REPORTAJE: Jorge Rivera, Director de Mi Casa Family Service

“Mi pasión es ayudar a los jóvenes”

Toda persona que ha recorrido la Park Street de Hartford, a la altura de la Broad Street tiene, necesariamente que detenerse a observar el imponente edificio que se levantó hace unos años en el 590 de dicha calle. Es la sede de Mi Casa Family Service and Educational Center, entidad que en Febrero de este 2011 cumplió 20 años. Conocimos las amplias y remodelas instalaciones y también al máximo responsable y fundador de la organización. Jorge Rivera (61) es el director ejecutivo, nacido en Caguas, Puerto Rico, quien desde 1989 vive en Connecticut; está casado y tiene actualmente 3 hijos, el año pasado perdió al mayor. Graduado en Administración y Mercadeo y en Derecho de la Universidad Interamericana de PR y tiene una Maestría en Trabajo Social y Educación Bilingüe de la Universidad de Connecticut. Nos recibió con gran amabilidad y muy dispuesto a conversar de la historia y de la actualidad de “Mi Casa” que ya es un símbolo de soporte a la comunidad Latina en Hartford.

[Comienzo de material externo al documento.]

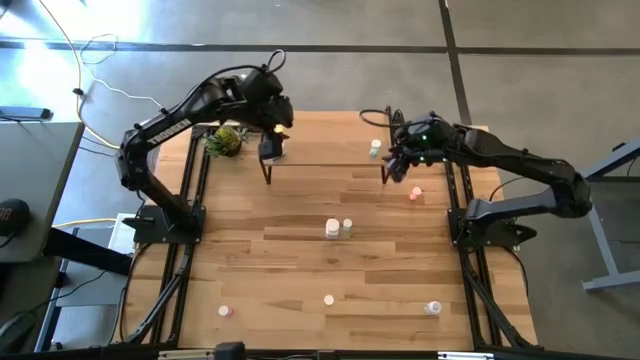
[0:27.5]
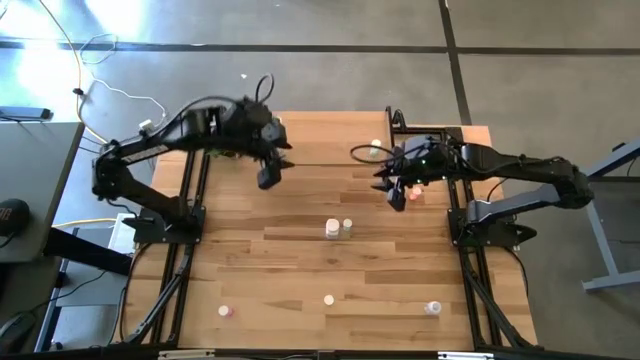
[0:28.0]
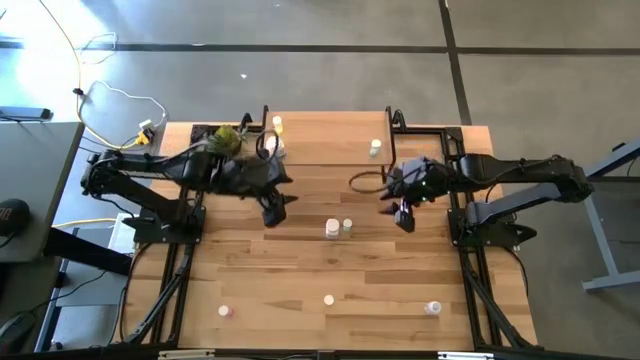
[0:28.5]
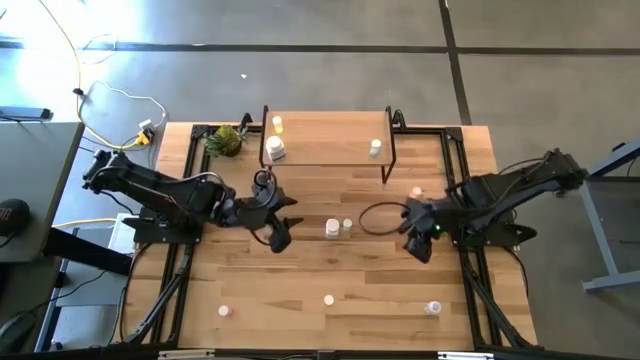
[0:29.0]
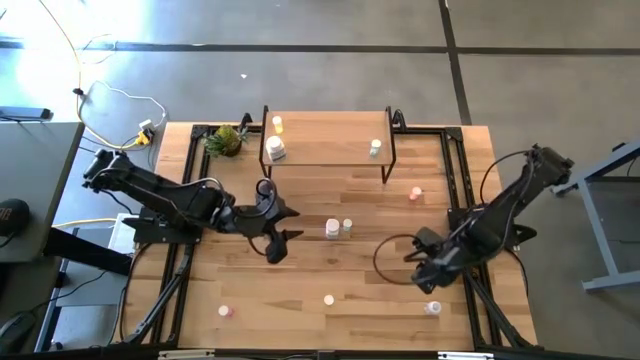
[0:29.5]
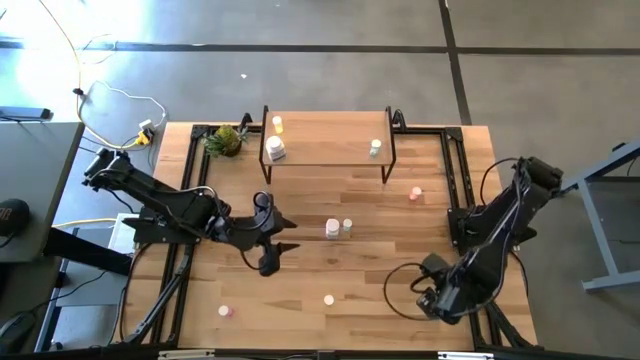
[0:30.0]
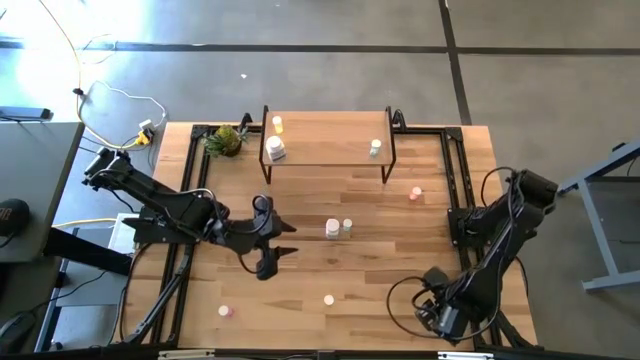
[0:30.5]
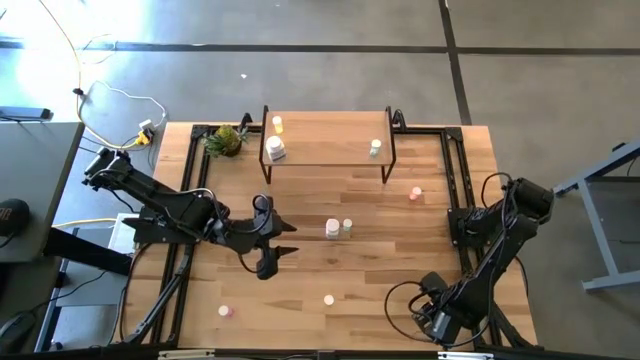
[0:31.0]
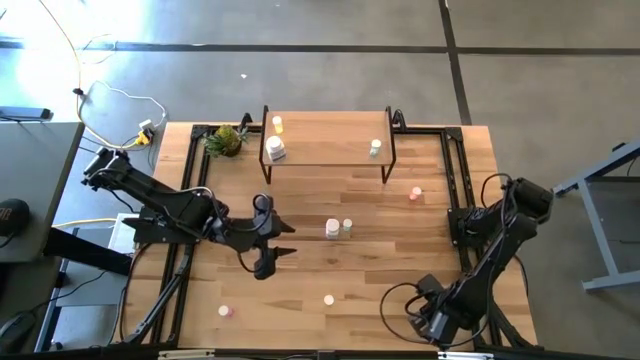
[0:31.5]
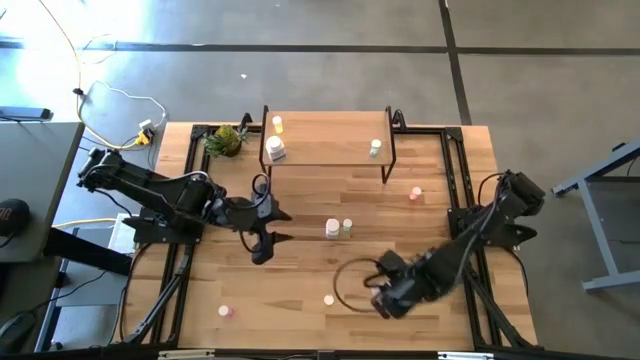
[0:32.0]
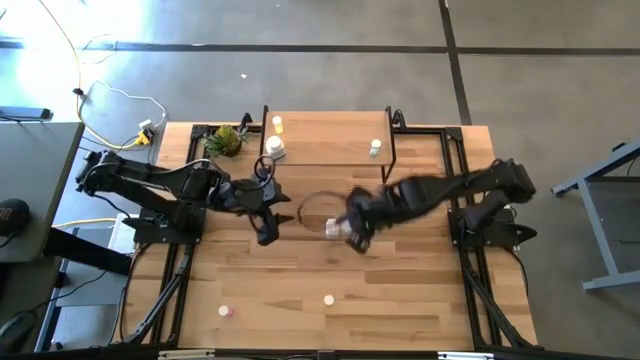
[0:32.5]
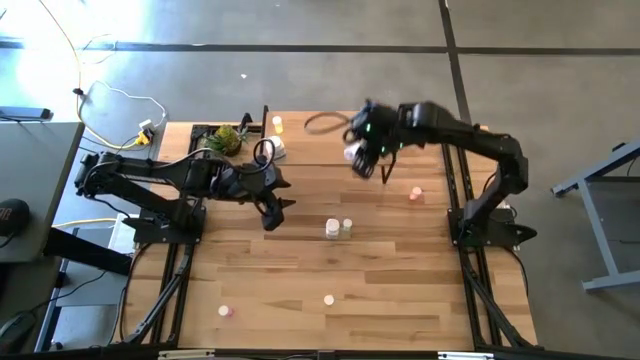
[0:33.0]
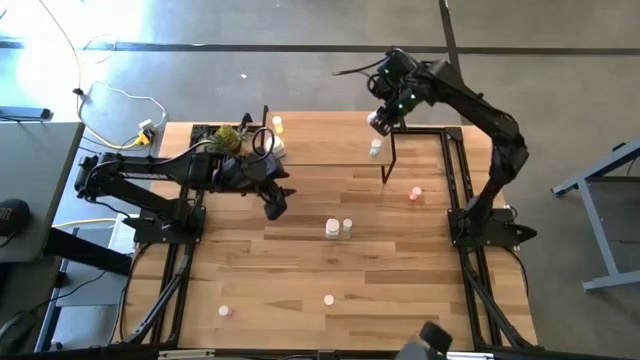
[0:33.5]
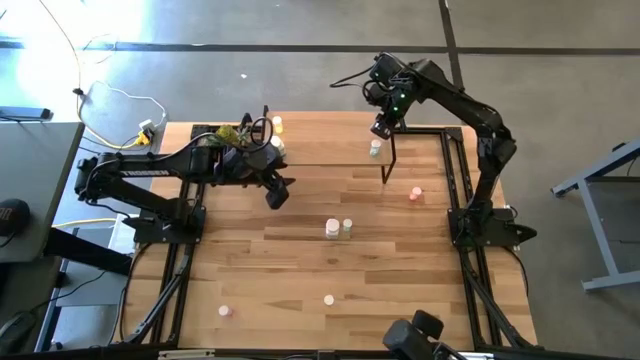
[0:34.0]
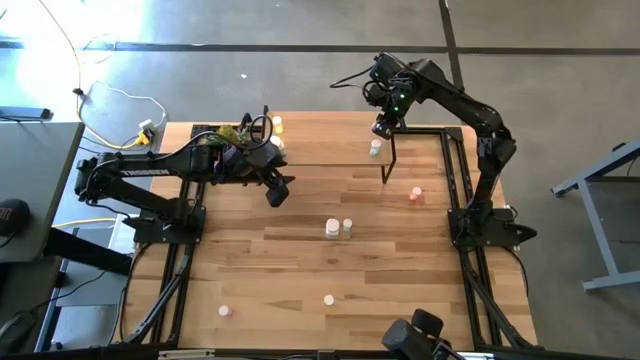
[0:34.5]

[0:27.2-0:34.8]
Task: Pick and place medicine bottles onto shelf by color
Put the transparent medicine bottle on the shelf

Jorge, ¿Qué lo motivó para venir por estos lados del país?
-Realmente vine por aventura, la idea era experimentar lo que escuchaba por conversaciones, de cómo se vive en los Estados Unidos. Estuve por muchos años en Hartford y actualmente resido en Newington. Vine con mi familia y una formación profesional, soy abogado, trabajé en el Departamento de Justicia de Puerto Rico y tuve una oficina con un colega en Caguas y Rio Piedras. Al poco tiempo de llegar tengo un contrato con el Sistema de Educación para establecer unos programas de prevención de drogas en la Escuela Elemental, ahí me doy cuenta de la realidad del puertorriqueño en este área de Hartford.

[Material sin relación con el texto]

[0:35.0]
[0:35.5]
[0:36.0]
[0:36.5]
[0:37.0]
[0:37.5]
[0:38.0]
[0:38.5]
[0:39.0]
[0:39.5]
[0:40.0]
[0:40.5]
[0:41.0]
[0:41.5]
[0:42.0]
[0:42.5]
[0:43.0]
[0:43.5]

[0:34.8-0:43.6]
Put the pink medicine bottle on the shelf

-¿Logró establecer los programas de prevención que menciona?
-Sí, incluso lo llegué a hacerlo en el Bulkeley High School. Luego me hize voluntario de HART. Supe de un estudio del Concilio Hispano de la Salud, donde decía que habían familias latinas donde los niños que eran víctimas de drogas y de alcohol, a veces no lo consumían ellos pero si sus padres. El problema era que los menores no podían recibir tratamiento hasta la mayoría de edad, entonces eran puestos en centros de detención, que yo los llamo cárceles.
-¿Y cuál fue la respuesta que usted o su gente les dio a esa situación?

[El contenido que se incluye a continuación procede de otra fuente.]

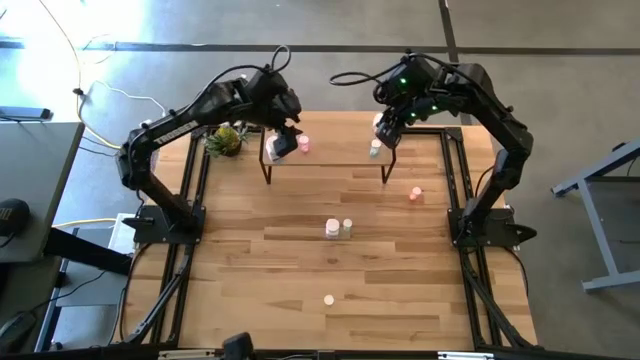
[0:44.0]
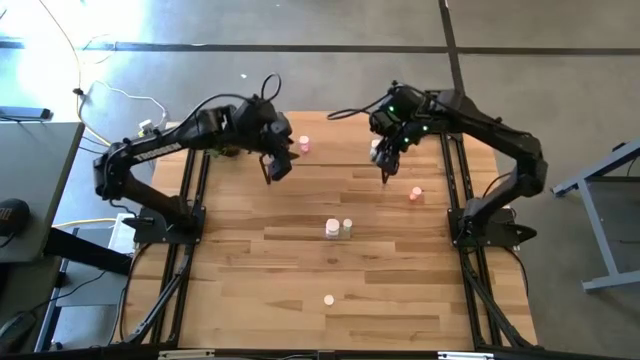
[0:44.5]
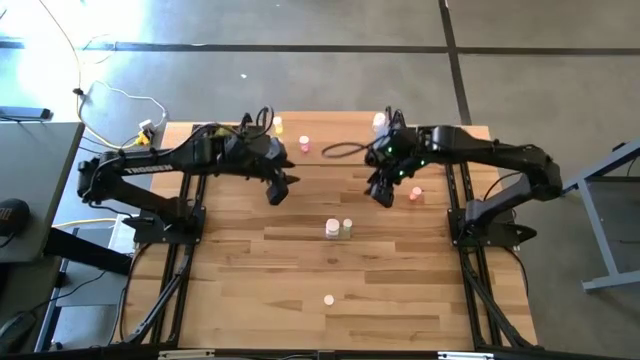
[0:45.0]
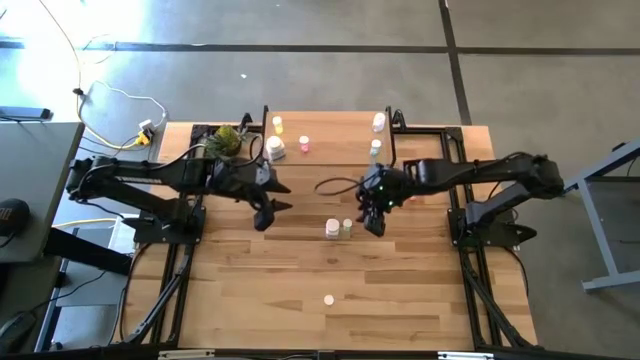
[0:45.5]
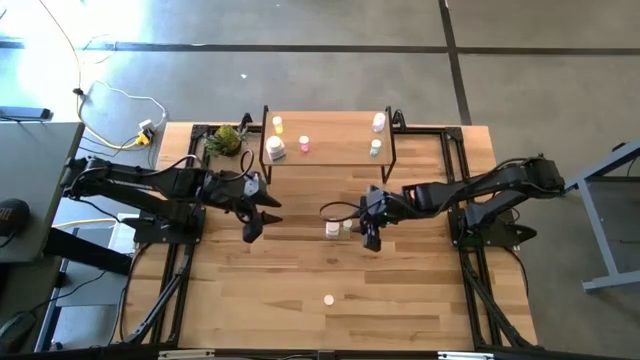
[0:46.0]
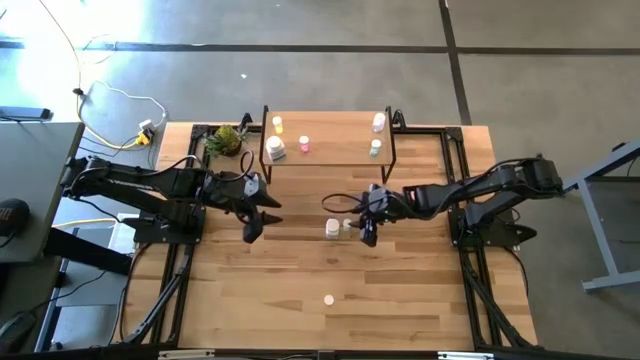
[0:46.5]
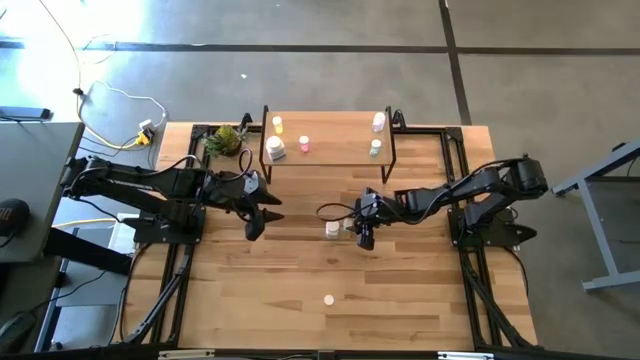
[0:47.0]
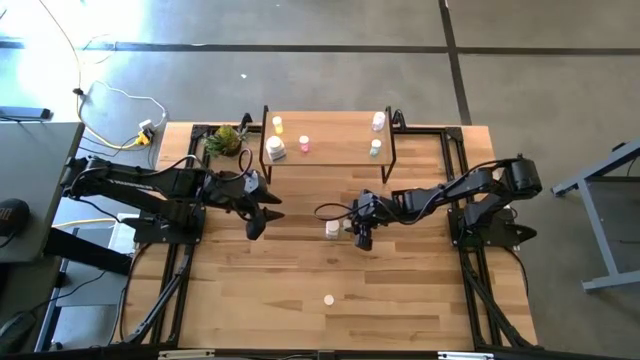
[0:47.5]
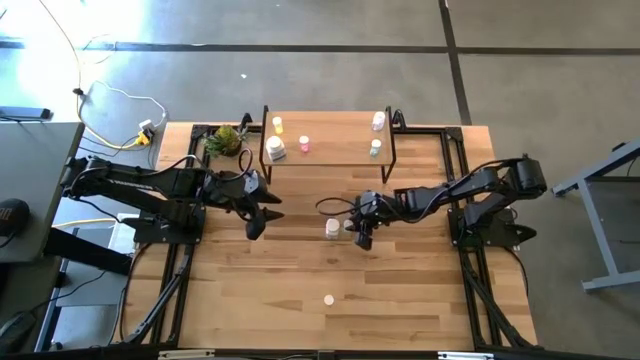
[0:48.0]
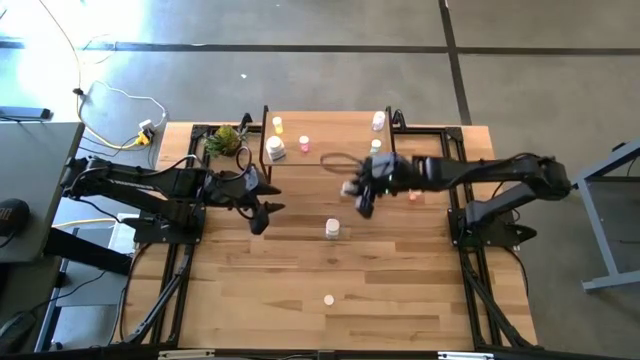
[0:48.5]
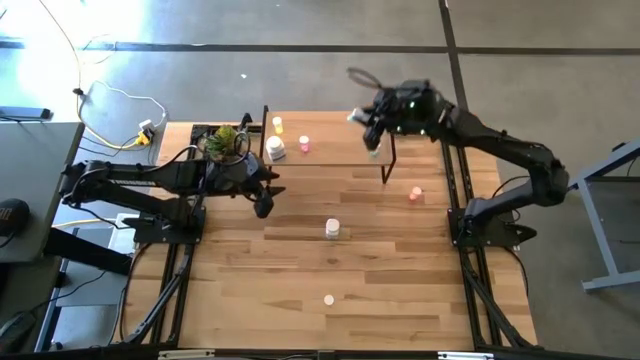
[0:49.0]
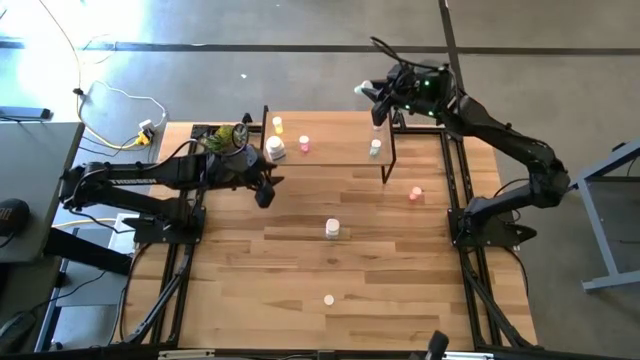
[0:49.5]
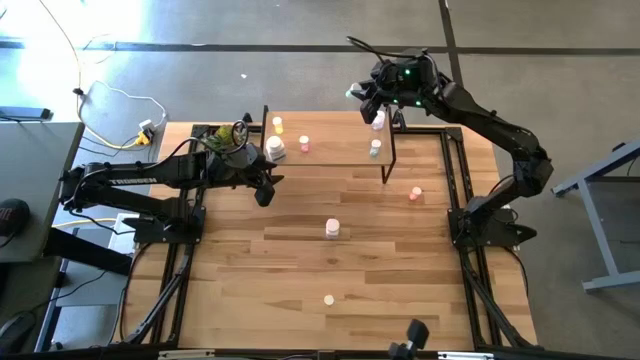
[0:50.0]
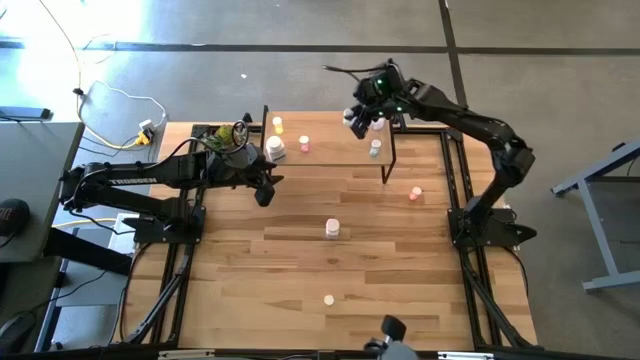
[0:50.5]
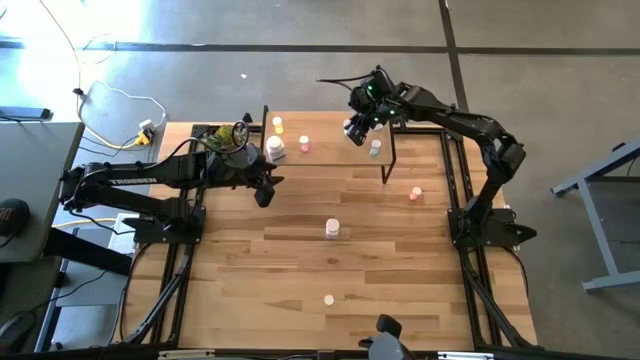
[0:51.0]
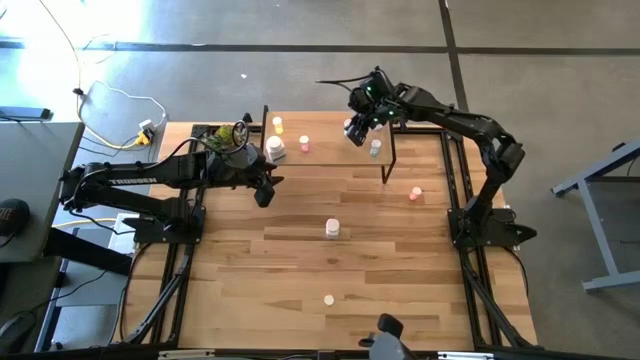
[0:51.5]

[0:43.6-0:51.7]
Put the green medicine bottle on the shelf

-Basado en eso, nos establecemos como un programa de manejo de casos. Niños que habían sido adjudicados por el Tribunal de Menores -hasta 16 años-, íbamos al tribunal y abogamos por ellos y nos lo daban con ciertas condiciones. Es así que organicé la infraestructura, recibí apoyo de HART, nos cubrieron en su sombrilla corporativa mientras nosotros nos desarrollábamos. Empezamos llamándonos CMAY, Case Management for Adjustment of Youth, por aquello de que a la mamá le decimos de cariño “may”. Después la ambición mía fue convertirlo en una agencia multiservicios.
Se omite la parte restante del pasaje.